How Permissions Work
Before we can explain how permissions can be used from within PHP
applications, you'll need a little background on how permissions work in
general. Although today's column only discusses Unix permission-related
commands, these commands directly relate to their PHP counterparts
discussed in my next column. If you haven't ever really worked with the
permissions system in PHP (or need a refresher) read on.
In a Unix environment, all files and directories are owned by two
different entities -- a user and a group. (A group represents multiple
individual users.) Likewise, each file in the file system has three
different permission sets which determine who can access a particular file
or directory. Specifically, every file in a Unix system has the following
permission sets: user-level, group-level, and global-level.
For each permission set, three different flags exist: read, write, and
execute. If a particular user does not have the read flag set, he will be
unable to read the desired file (or the files in a directory).
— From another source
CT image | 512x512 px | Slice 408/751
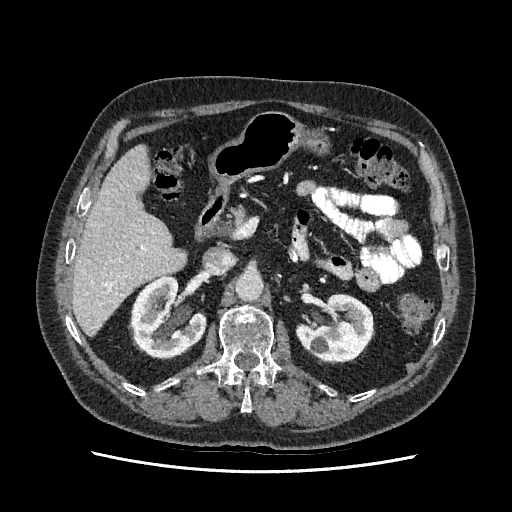
{"kidney": ["l=132, t=277, r=205, b=357", "l=297, t=294, r=372, b=361"], "liver": ["l=73, t=145, r=185, b=334"]}

Likewise,
if a user does not have the execute permission on a file, she will be
unable to execute that program. When a user creates a file, that file
automatically is owned by the user and group to which the user belongs. In
order to change the owner of a particular file the chown Unix
command is used as follows:
[user@localhost]$ chown theuser thefilemask
where theuser represents the username to change the file
mask specified by thefilemask. Please note that this command
can only be executed by a user who has super-user privileges (such as
root).
Changing the group to which a file belongs to is done via the
chgrp Unix command. Unlike chown, which requires
super-user privileges, chgrp can be used by any user. The one
restriction that applies is that chgrp will only allow the
user to change the group of a file as long as the user belongs to that
group. For example, a given user who belongs to the groups
foo and bar can change the group of a given file
to either foo or bar but not foobar
-- because he does not belong to that group.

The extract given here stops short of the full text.